§ Task:
Below are the records; retype them exactly and omit each picture.

[Records from a collection]
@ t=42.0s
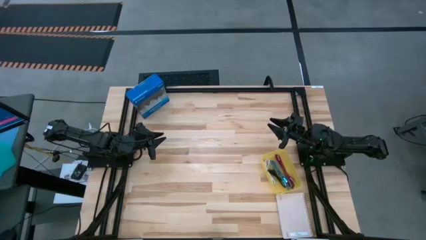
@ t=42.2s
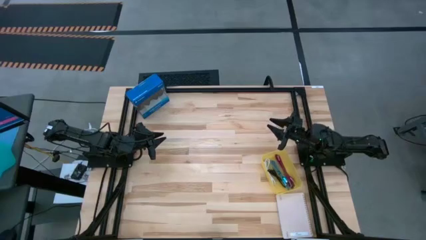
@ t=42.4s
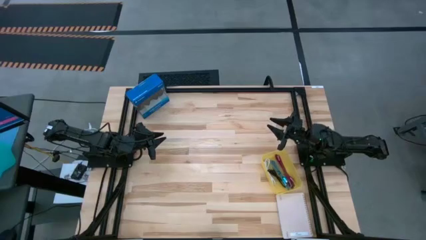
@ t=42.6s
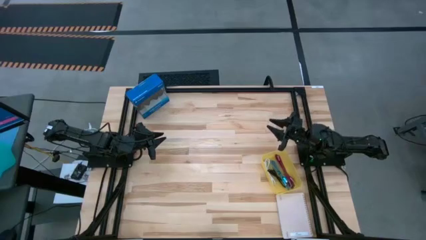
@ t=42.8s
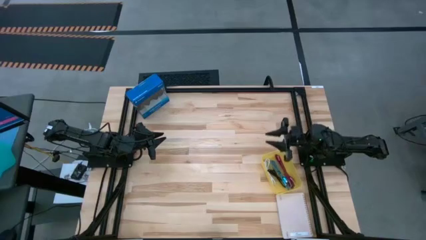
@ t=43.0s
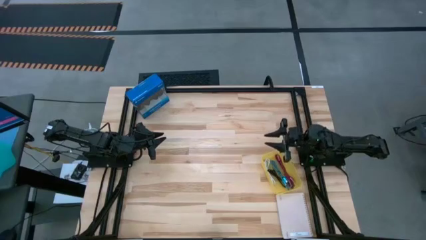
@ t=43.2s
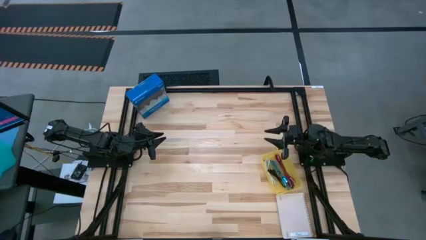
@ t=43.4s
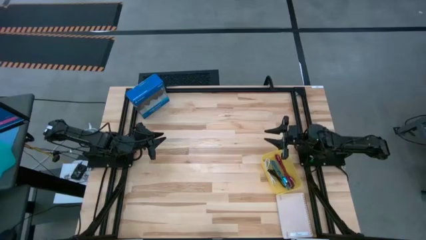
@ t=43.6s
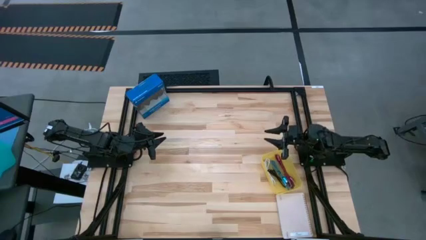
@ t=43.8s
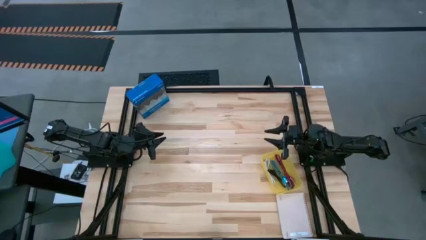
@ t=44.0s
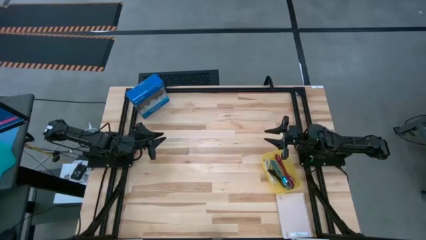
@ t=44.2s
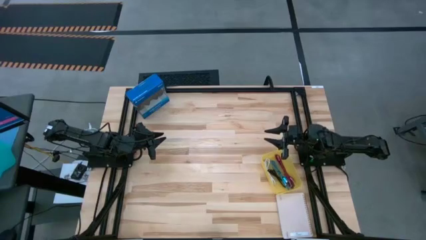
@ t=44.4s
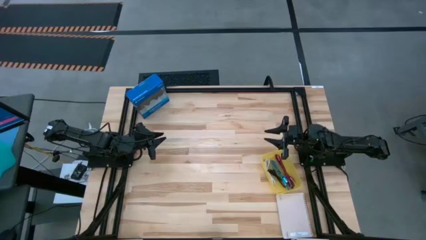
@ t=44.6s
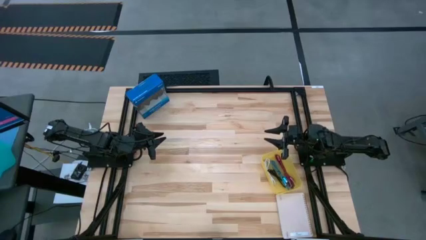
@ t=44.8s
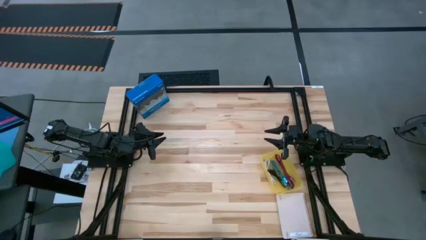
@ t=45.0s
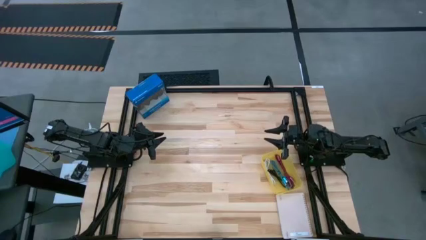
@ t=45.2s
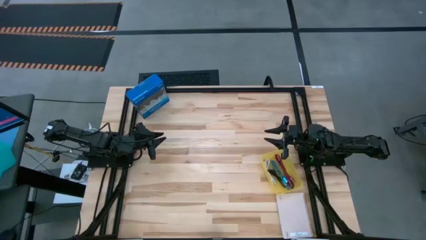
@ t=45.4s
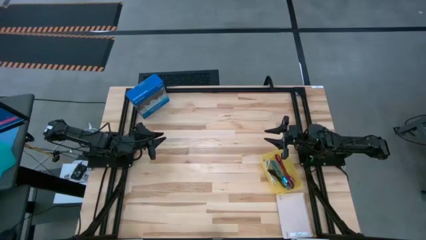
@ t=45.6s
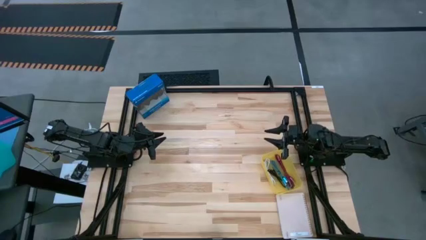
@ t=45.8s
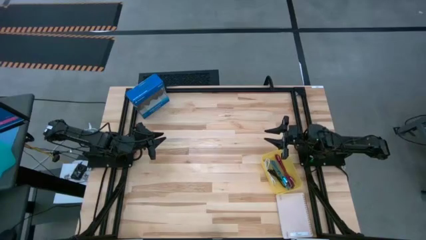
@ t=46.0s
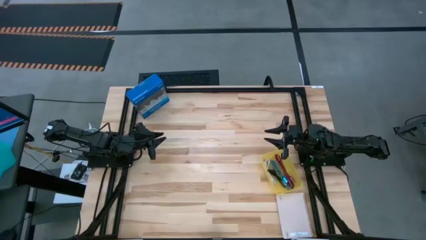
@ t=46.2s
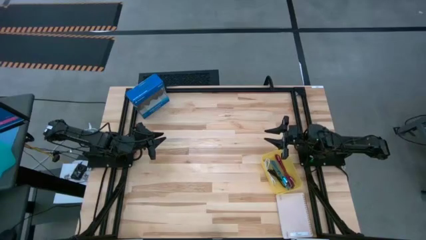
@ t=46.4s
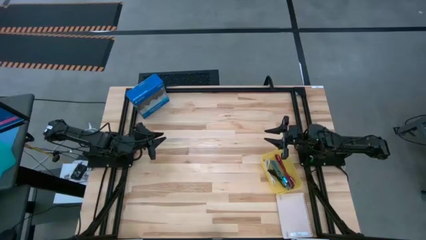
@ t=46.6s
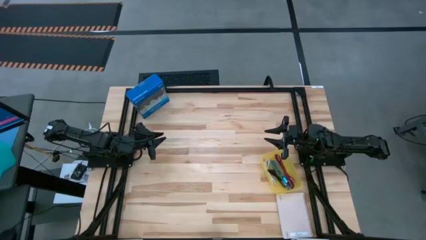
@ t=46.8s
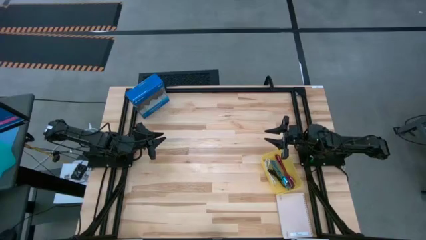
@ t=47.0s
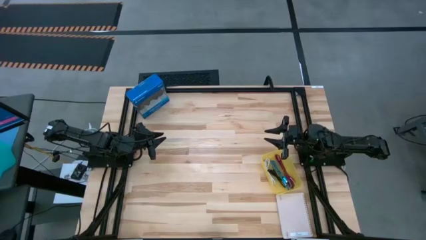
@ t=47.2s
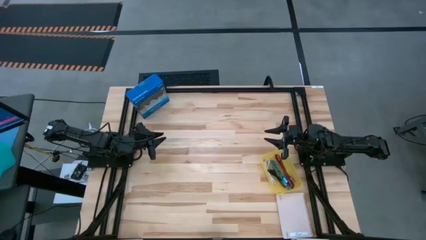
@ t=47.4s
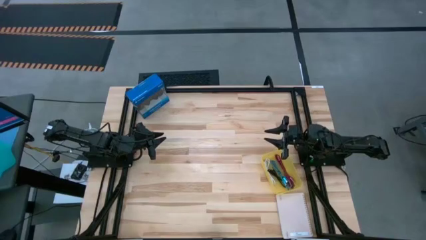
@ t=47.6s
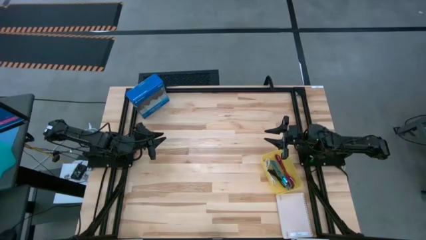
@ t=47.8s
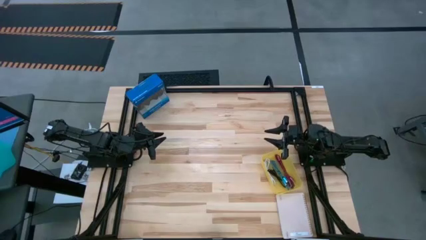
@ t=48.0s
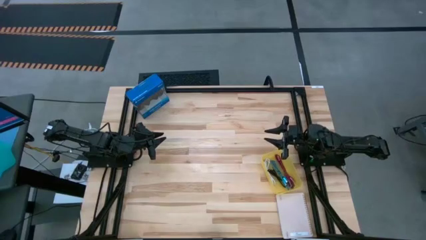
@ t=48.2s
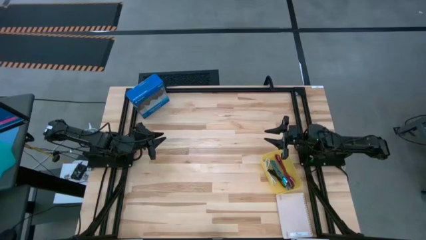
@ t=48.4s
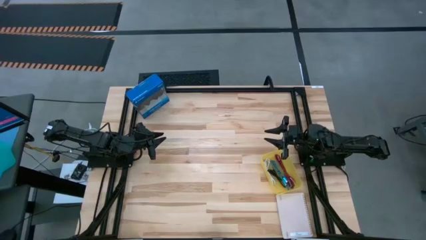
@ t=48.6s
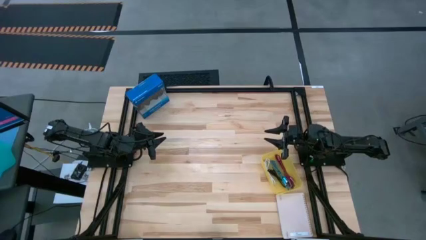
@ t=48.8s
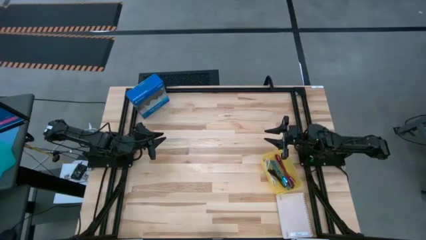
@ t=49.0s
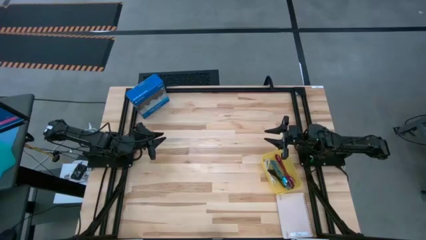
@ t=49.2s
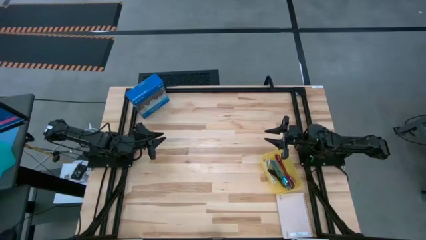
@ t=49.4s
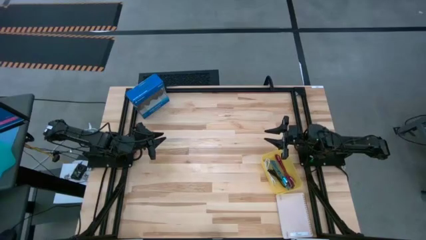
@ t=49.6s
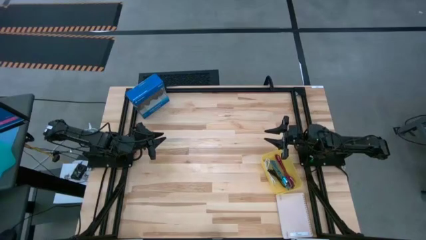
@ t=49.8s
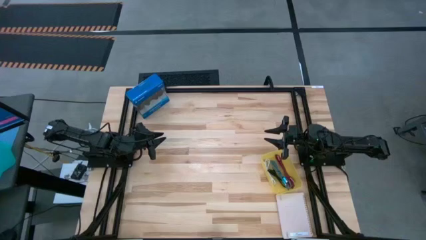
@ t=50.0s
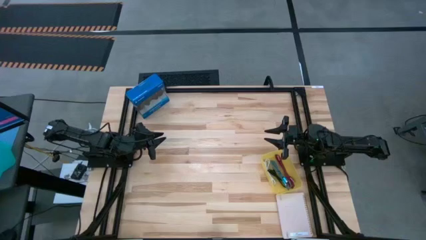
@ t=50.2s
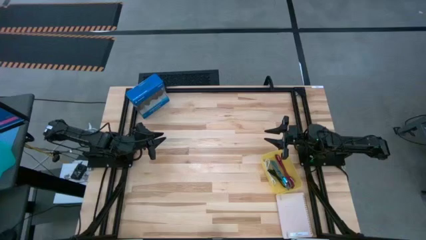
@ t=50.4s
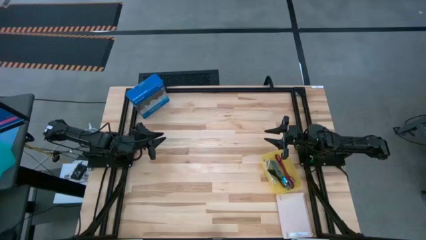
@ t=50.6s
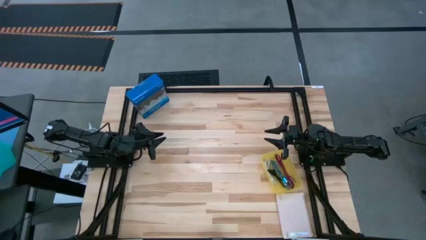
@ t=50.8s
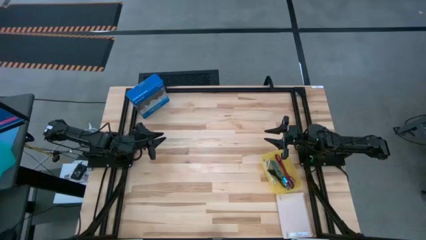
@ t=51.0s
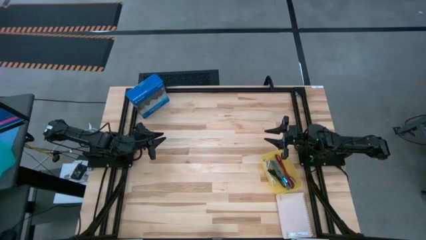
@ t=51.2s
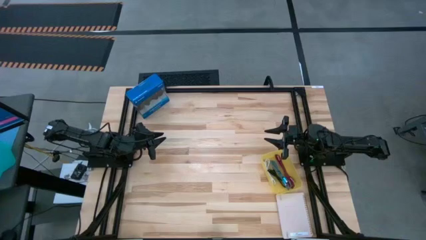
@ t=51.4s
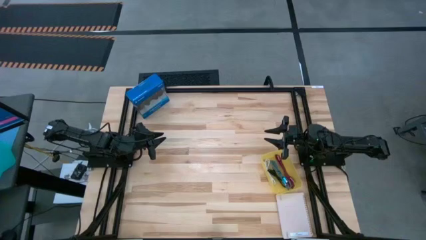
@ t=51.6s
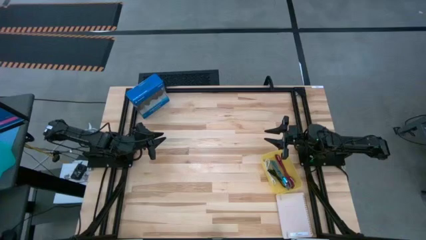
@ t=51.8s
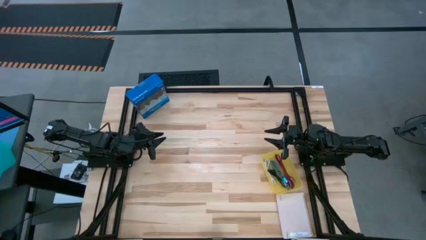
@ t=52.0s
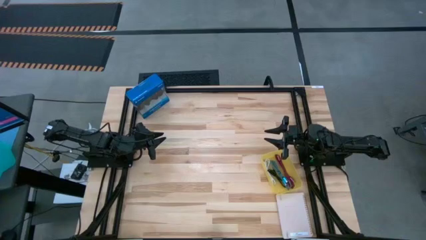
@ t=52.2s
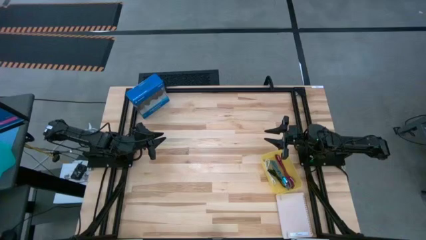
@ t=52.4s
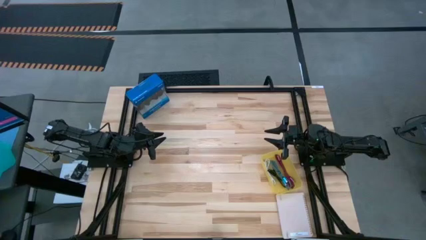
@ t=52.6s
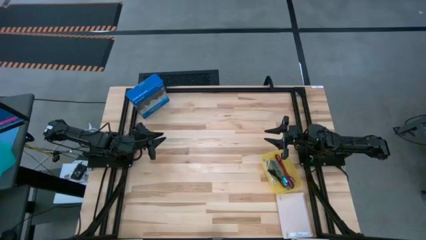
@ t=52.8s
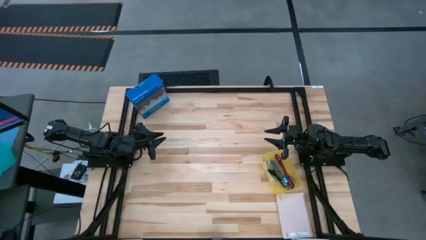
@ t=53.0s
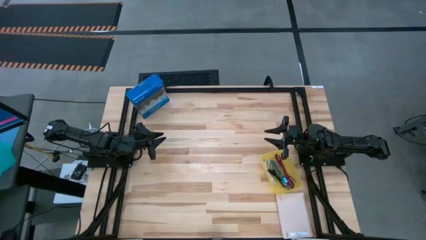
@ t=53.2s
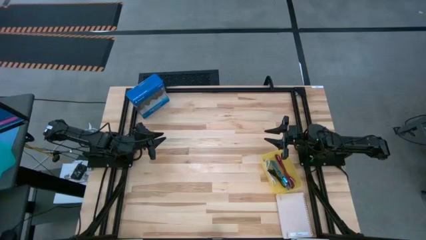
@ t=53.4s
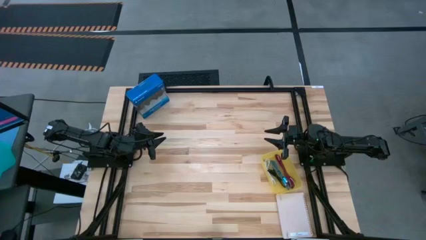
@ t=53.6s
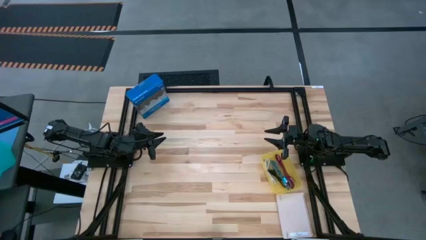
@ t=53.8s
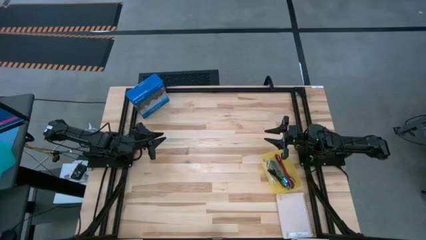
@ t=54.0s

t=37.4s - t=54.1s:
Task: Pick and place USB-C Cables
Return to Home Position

§ Exercise solution:
@ t=42.0s
@ t=42.2s
@ t=42.4s
@ t=42.6s
@ t=42.8s
@ t=43.0s
@ t=43.2s
@ t=43.4s
@ t=43.6s
@ t=43.8s
@ t=44.0s
@ t=44.2s
@ t=44.4s
@ t=44.6s
@ t=44.8s
@ t=45.0s
@ t=45.2s
@ t=45.4s
@ t=45.6s
@ t=45.8s
@ t=46.0s
@ t=46.2s
@ t=46.4s
@ t=46.6s
@ t=46.8s
@ t=47.0s
@ t=47.2s
@ t=47.4s
@ t=47.6s
@ t=47.8s
@ t=48.0s
@ t=48.2s
@ t=48.4s
@ t=48.6s
@ t=48.8s
@ t=49.0s
@ t=49.2s
@ t=49.4s
@ t=49.6s
@ t=49.8s
@ t=50.0s
@ t=50.2s
@ t=50.4s
@ t=50.6s
@ t=50.8s
@ t=51.0s
@ t=51.2s
@ t=51.4s
@ t=51.6s
@ t=51.8s
@ t=52.0s
@ t=52.2s
@ t=52.4s
@ t=52.6s
@ t=52.8s
@ t=53.0s
@ t=53.2s
@ t=53.4s
@ t=53.6s
@ t=53.8s
@ t=54.0s

t=37.4s - t=54.1s:
Task: Pick and place USB-C Cables
Return to Home Position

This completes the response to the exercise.